BugTraq
Re: Need help. Proof of concept 100% security. Aug 18 2003 11:43PM
xenophi1e (oliver lavery sympatico ca) (1 replies)
In-Reply-To: <1061409854.1743.99.camel (at) limit.tm (dot) org [email concealed]>

>3. Results of EFC are in front of you all. There have been 2000+ plus

>attacks, still system is up and running without a reboot. All

>applications are doing what they are supposed to do. All these

>security loopholes and attacks have cost money in past.

>

Ok, hang on a second here.

- It's already been pointed out on vuln-watch that it is possible to view

the contents of /etc/shadow using the webshell.cgi located

in /var/www/cgi-bin/. This is just the result of a bad path check, so I

thought I would hammer on EFC a bit more...
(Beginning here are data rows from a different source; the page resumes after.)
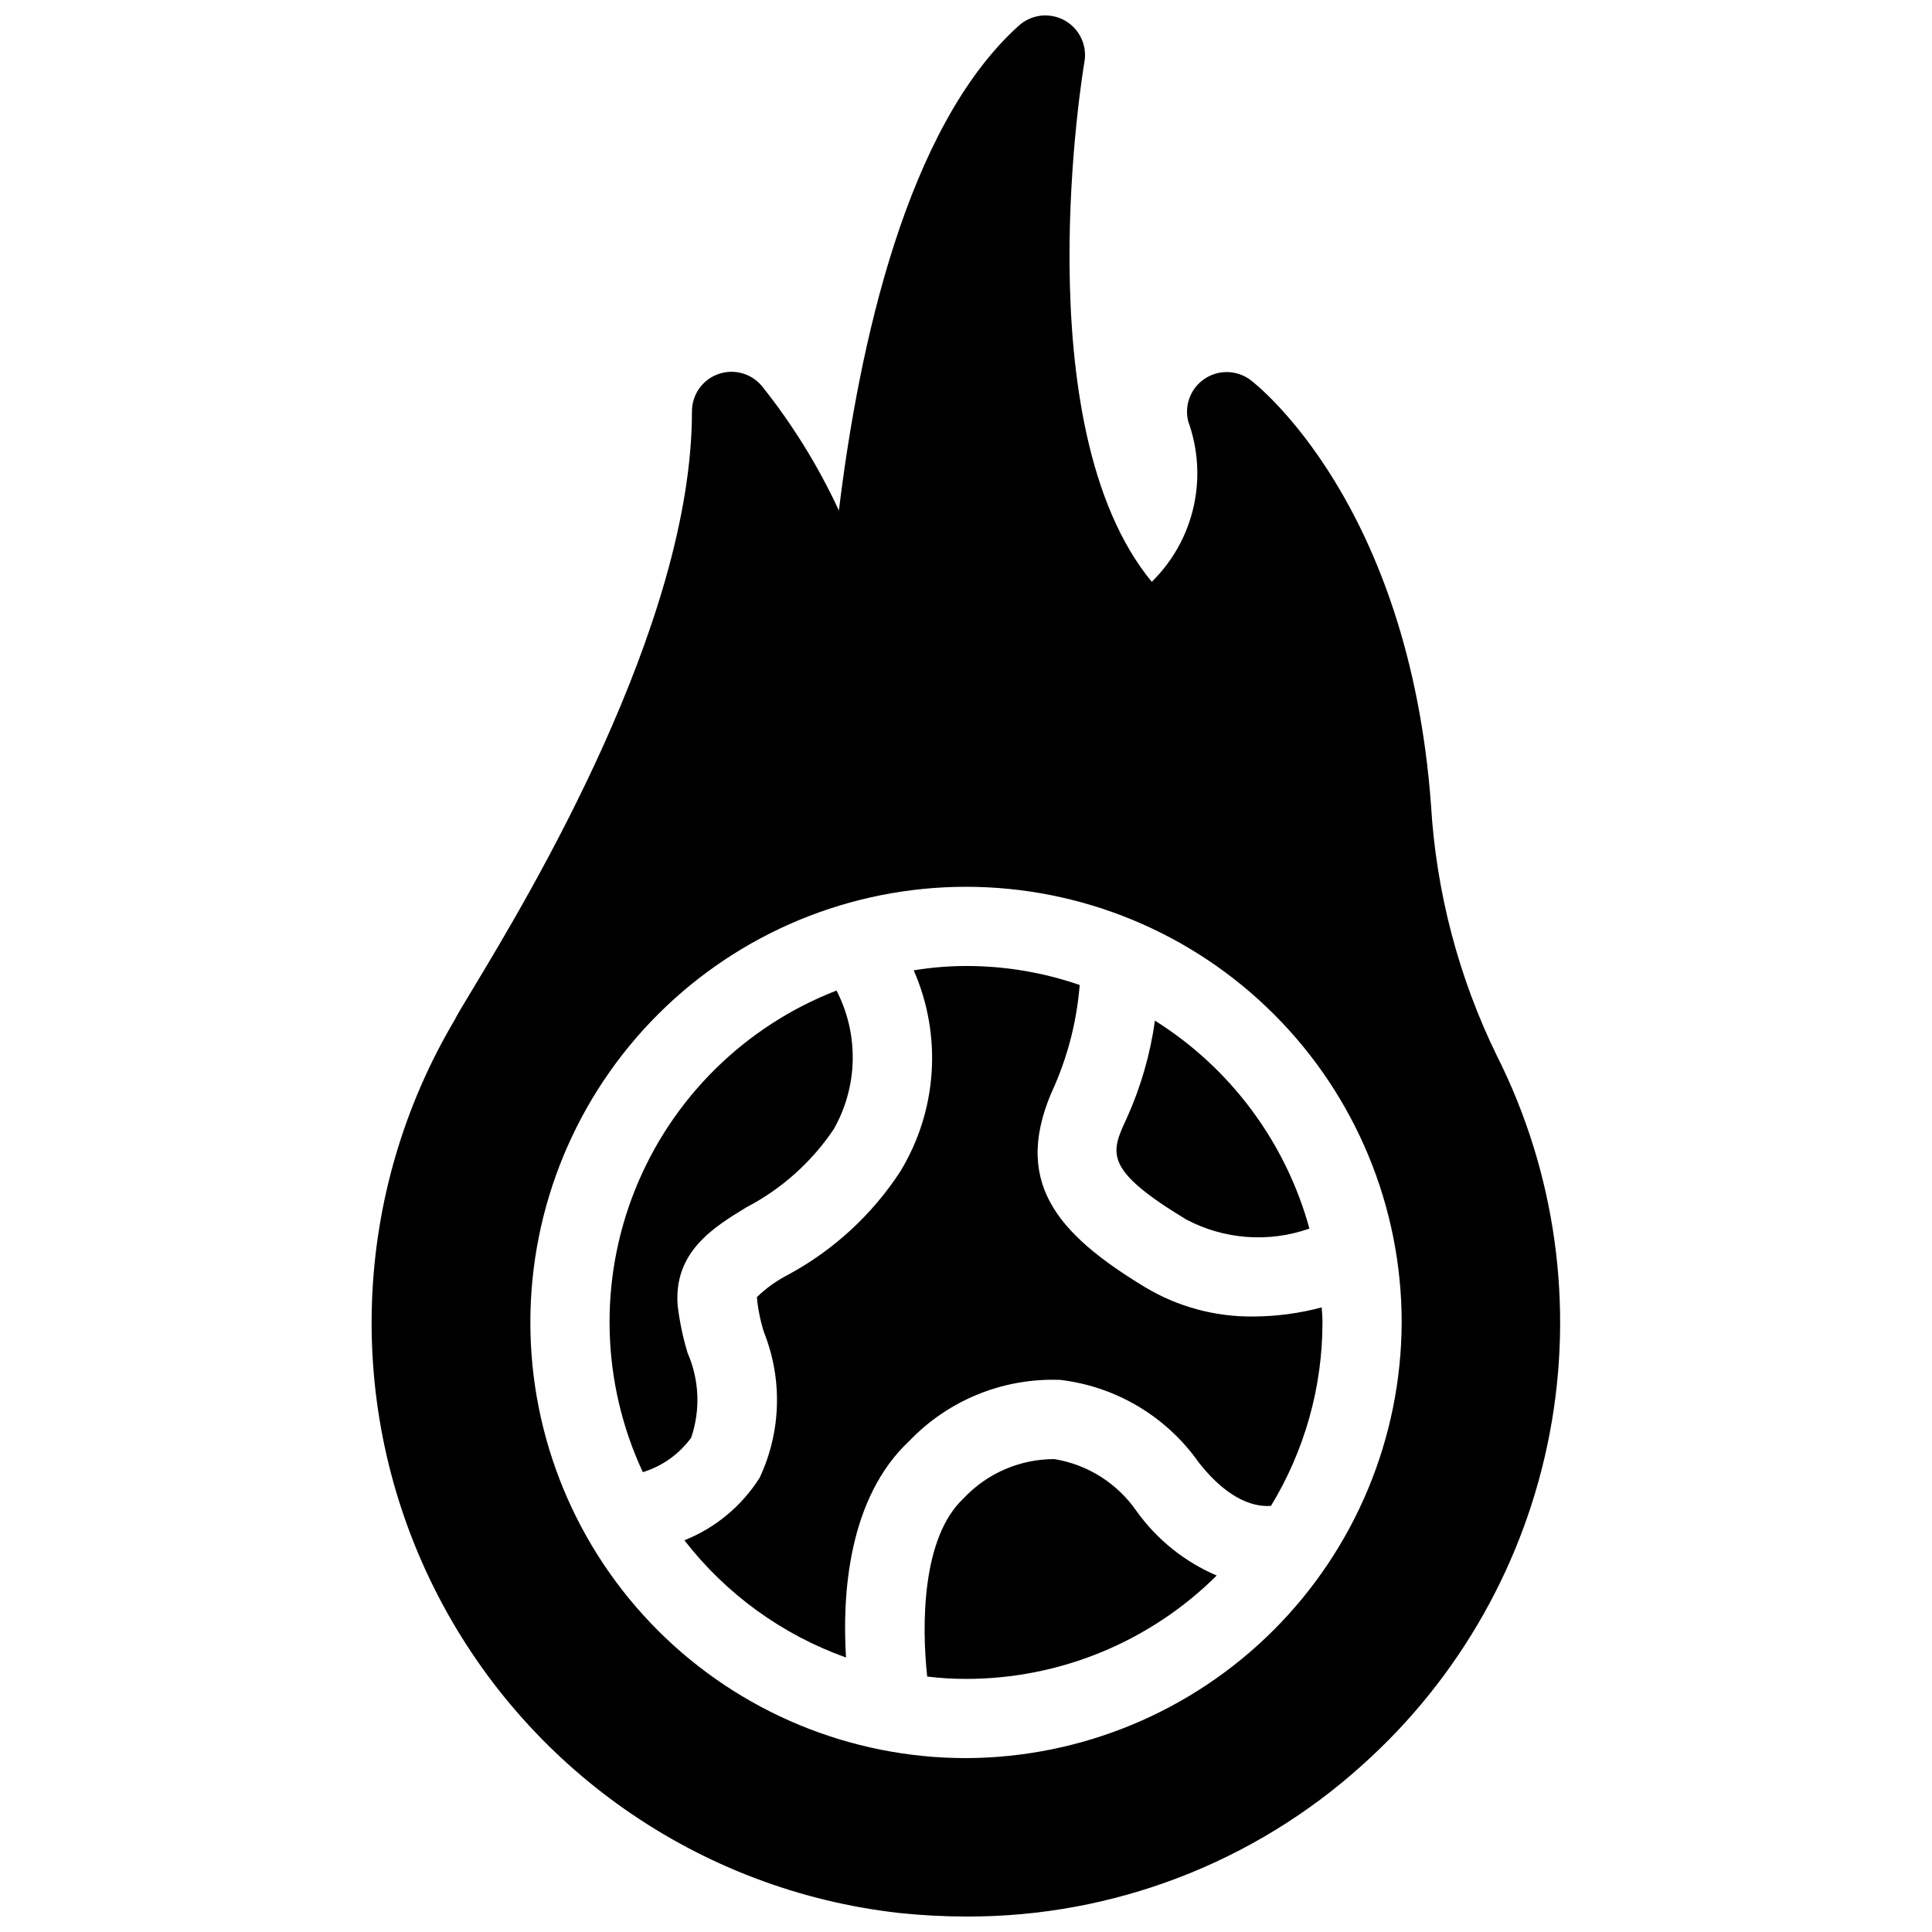 <?xml version="1.0" encoding="UTF-8"?>
<!-- Uploaded to: ICON Repo, www.iconrepo.com, Generator: ICON Repo Mixer Tools -->
<svg width="800px" height="800px" version="1.1" viewBox="144 144 512 512" xmlns="http://www.w3.org/2000/svg">
 <defs>
  <clipPath id="a">
   <path d="m242 148.09h316v503.81h-316z"/>
  </clipPath>
 </defs>
 <g clip-path="url(#a)">
  <path d="m445.24 544.53c-5.086-7.402-12.973-12.406-21.832-13.852-9.156-0.008-17.902 3.793-24.141 10.496-11.02 10.391-11.02 33.586-9.551 47.129l-0.004-0.004c3.414 0.422 6.848 0.633 10.289 0.629 24.895 0.008 48.781-9.844 66.438-27.395-8.488-3.621-15.82-9.504-21.199-17.004zm49.016-54.055c-5.891 1.578-11.957 2.391-18.055 2.414-10.121 0.129-20.078-2.559-28.758-7.766-23.512-14.273-35.793-28.234-23.824-53.738h-0.004c3.59-8.371 5.789-17.27 6.508-26.348-9.691-3.344-19.871-5.047-30.121-5.035-4.644 0.008-9.277 0.395-13.855 1.152 7.586 17.289 6.254 37.195-3.57 53.32-7.492 11.477-17.738 20.895-29.809 27.395-3 1.547-5.762 3.527-8.188 5.879 0.285 3.172 0.918 6.305 1.891 9.34 4.957 12.449 4.539 26.395-1.152 38.52-4.731 7.496-11.711 13.301-19.945 16.586 11.02 14.23 25.879 25.008 42.824 31.066-1.051-16.793 0.629-42.301 16.793-57.414v0.004c10.41-10.859 24.965-16.742 39.992-16.164 14.809 1.75 28.168 9.73 36.734 21.934 8.398 10.707 15.641 11.754 19.102 11.441h0.004c8.914-14.641 13.637-31.453 13.641-48.598 0-1.363-0.102-2.621-0.207-3.988zm-35.898-23.301c10.066 5.328 21.902 6.203 32.645 2.414-6.266-22.844-20.871-42.508-40.934-55.102-1.238 8.918-3.75 17.613-7.453 25.82-4.305 9.234-6.297 13.539 15.742 26.867zm-13.121 77.355h0.004c-5.086-7.402-12.973-12.406-21.832-13.852-9.156-0.008-17.902 3.793-24.141 10.496-11.02 10.391-11.02 33.586-9.551 47.129l-0.004-0.004c3.414 0.422 6.848 0.633 10.289 0.629 24.895 0.008 48.781-9.844 66.438-27.395-8.488-3.621-15.82-9.504-21.199-17.004zm-119.02-41.984c-1.234-4.078-2.109-8.258-2.625-12.488-1.156-14.379 9.656-20.887 18.262-26.137h0.004c9.297-4.859 17.234-11.969 23.09-20.676 6.438-11.336 6.715-25.152 0.734-36.734-24.301 9.426-43.613 28.5-53.34 52.684-9.723 24.184-8.996 51.32 2.016 74.945 5.144-1.578 9.637-4.781 12.805-9.129 2.496-7.344 2.16-15.355-0.945-22.465zm214.54-78.617v0.004c-10.203-20.836-16.16-43.492-17.527-66.648-5.879-79.664-46.078-111.26-47.758-112.52v-0.004c-3.551-2.711-8.43-2.883-12.164-0.426-3.734 2.457-5.508 7.008-4.418 11.344 2.633 7.266 3.125 15.133 1.414 22.672-1.711 7.535-5.555 14.422-11.07 19.836-34.113-41.355-18.055-136.76-17.844-137.81 0.762-4.422-1.371-8.84-5.305-10.996s-8.801-1.574-12.121 1.445c-29.703 26.762-42.297 84.598-47.652 128.47-5.465-11.805-12.336-22.902-20.465-33.062-2.848-3.359-7.492-4.578-11.625-3.051-4.133 1.523-6.867 5.469-6.848 9.875 0 56.785-43.559 128.89-57.832 152.61-2.731 4.512-4.617 7.66-5.039 8.605-27.25 45.941-29.34 102.57-5.543 150.4s70.227 80.312 123.31 86.285c5.961 0.629 11.953 0.941 17.945 0.945 38.734 0.102 76.117-14.23 104.86-40.199 25.727-23.047 43.16-53.918 49.609-87.852 6.449-33.93 1.559-69.043-13.922-99.922zm-140.75 185.99c-30.621 0-59.988-12.164-81.641-33.816-21.652-21.652-33.816-51.02-33.816-81.641 0-30.617 12.164-59.984 33.816-81.637 21.652-21.652 51.02-33.816 81.641-33.816s59.984 12.164 81.637 33.816c21.652 21.652 33.816 51.02 33.816 81.637-0.105 30.59-12.305 59.895-33.934 81.523-21.629 21.629-50.934 33.828-81.52 33.934zm47.441-124.8c-23.512-14.273-35.793-28.234-23.824-53.738h-0.004c3.59-8.371 5.789-17.27 6.508-26.348-9.691-3.344-19.871-5.047-30.121-5.035-4.644 0.008-9.277 0.395-13.855 1.152 7.586 17.289 6.254 37.195-3.57 53.32-7.492 11.477-17.738 20.895-29.809 27.395-3 1.547-5.762 3.527-8.188 5.879 0.285 3.172 0.918 6.305 1.891 9.34 4.957 12.449 4.539 26.395-1.152 38.52-4.731 7.496-11.711 13.301-19.945 16.586 11.02 14.23 25.879 25.008 42.824 31.066-1.051-16.793 0.629-42.301 16.793-57.414v0.004c10.41-10.859 24.965-16.742 39.992-16.164 14.809 1.75 28.168 9.73 36.734 21.934 8.398 10.707 15.641 11.754 19.102 11.441h0.004c8.914-14.641 13.637-31.453 13.641-48.598 0-1.363-0.105-2.625-0.211-3.988h0.004c-5.891 1.578-11.957 2.391-18.055 2.414-10.121 0.129-20.078-2.559-28.758-7.766zm2.625-70.637c-1.238 8.918-3.75 17.613-7.453 25.82-4.305 9.234-6.297 13.539 15.742 26.871v-0.004c10.066 5.328 21.902 6.203 32.645 2.414-6.266-22.844-20.871-42.508-40.934-55.102zm-4.828 130.05v-0.004c-5.086-7.402-12.973-12.406-21.832-13.852-9.156-0.008-17.902 3.793-24.141 10.496-11.02 10.391-11.02 33.586-9.551 47.129l-0.004-0.004c3.414 0.422 6.848 0.633 10.289 0.629 24.895 0.008 48.781-9.844 66.438-27.395-8.488-3.621-15.82-9.504-21.199-17.004zm-119.02-41.984-0.004-0.004c-1.234-4.078-2.109-8.258-2.625-12.488-1.156-14.379 9.656-20.887 18.262-26.137h0.004c9.297-4.859 17.234-11.969 23.09-20.676 6.438-11.336 6.715-25.152 0.734-36.734-24.301 9.426-43.613 28.5-53.34 52.684-9.723 24.184-8.996 51.32 2.016 74.945 5.144-1.578 9.637-4.781 12.805-9.129 2.496-7.344 2.16-15.355-0.945-22.465zm168.04-12.07-0.004-0.004c-5.891 1.578-11.957 2.391-18.055 2.414-10.121 0.129-20.078-2.559-28.758-7.766-23.512-14.273-35.793-28.234-23.824-53.738h-0.004c3.59-8.371 5.789-17.27 6.508-26.348-9.691-3.344-19.871-5.047-30.121-5.035-4.644 0.008-9.277 0.395-13.855 1.152 7.586 17.289 6.254 37.195-3.57 53.32-7.492 11.477-17.738 20.895-29.809 27.395-3 1.547-5.762 3.527-8.188 5.879 0.285 3.172 0.918 6.305 1.891 9.34 4.957 12.449 4.539 26.395-1.152 38.52-4.731 7.496-11.711 13.301-19.945 16.586 11.02 14.23 25.879 25.008 42.824 31.066-1.051-16.793 0.629-42.301 16.793-57.414v0.004c10.41-10.859 24.965-16.742 39.992-16.164 14.809 1.75 28.168 9.73 36.734 21.934 8.398 10.707 15.641 11.754 19.102 11.441h0.004c8.914-14.641 13.637-31.453 13.641-48.598 0-1.363-0.102-2.621-0.207-3.988zm-128.58-83.969h-0.004c-24.301 9.426-43.613 28.5-53.34 52.684-9.723 24.184-8.996 51.32 2.016 74.945 5.144-1.578 9.637-4.781 12.805-9.129 2.496-7.344 2.16-15.355-0.945-22.465-1.234-4.078-2.109-8.258-2.625-12.488-1.156-14.379 9.656-20.887 18.262-26.137h0.004c9.297-4.859 17.234-11.969 23.09-20.676 6.438-11.336 6.715-25.152 0.734-36.734zm84.387 7.977c-1.238 8.918-3.75 17.613-7.453 25.82-4.305 9.234-6.297 13.539 15.742 26.871v-0.004c10.066 5.328 21.902 6.203 32.645 2.414-6.266-22.844-20.871-42.508-40.934-55.102z"/>
 </g>
</svg>

- It was possible using the webshell.cgi to dump the full contents

of /dev/hd* through the web. This bypasses EFCs filesystem restrictions

in a obvious way. Again maybe just bad configuration.

- It was not possible via the webshell.cgi to view the contents of

numerous directories. Finally some visible signs of security.

Unfortunately it was possible to bypass these restrictions by accessing

the same directories via the proc filesystem ( /proc/N/root/whatever-

directory ). This is clearly a flaw in EFC's checks. I imagine a hard-

link would have worked as well. This made it possible to obtain a copy of

efcm.o, the EFC kernel module, as well as all of the configuration

information available in /var/efc/. In fact it was possible to read any

file on any filesystem. Good thing there wasn't anything sensitive

in /home/bal, although thank you very much for the collection of

precompiled exploits...

So clearly rules like:

open /var/www/html/* /usr/sbin/httpd

Plain old don't work.

Various people have pointed out why EFC's design can never be 100%

secure, which is transparently obvious, really. From what I've seen the

implementation is pretty broken as well, and I was trying to be forgiving.

Maybe EFC is providing some protection against shellcode, but from what

I could tell from /proc/efc/, all of the shellcodes being run against it

were failing on a socketcall. I'm guessing the protection is generally as

solid as it appears, which is to say not very, and a somewhat cleverly

crafted shellcode could get through without much trouble. From what I

could tell from /var/efc/db/usr/sbin/sshd, sshd was allowed to

access /etc/shadow. So I'm guessing one could read the contents back

through the open socket to sshd without much trouble and then crack them

offline. Maybe the syscall restrictions are clever and take ordering into

account, or maybe they take the value of EIP at the time of the call into

account, unless you can point out something novel your doing, common

sense dictates that breaking these schemes is just a question of writing

a smart shellcode.

Seriously, you should release the source instead of holding silly h4x0r

cockfights, this isn't a bad idea, but breaking it in it's current state

isn't worth the trouble.

Cheers,

~x

[ reply ]
Re: Need help. Proof of concept 100% security. Aug 20 2003 01:16PM
Balwinder Singh (balwinder trustedmachines com)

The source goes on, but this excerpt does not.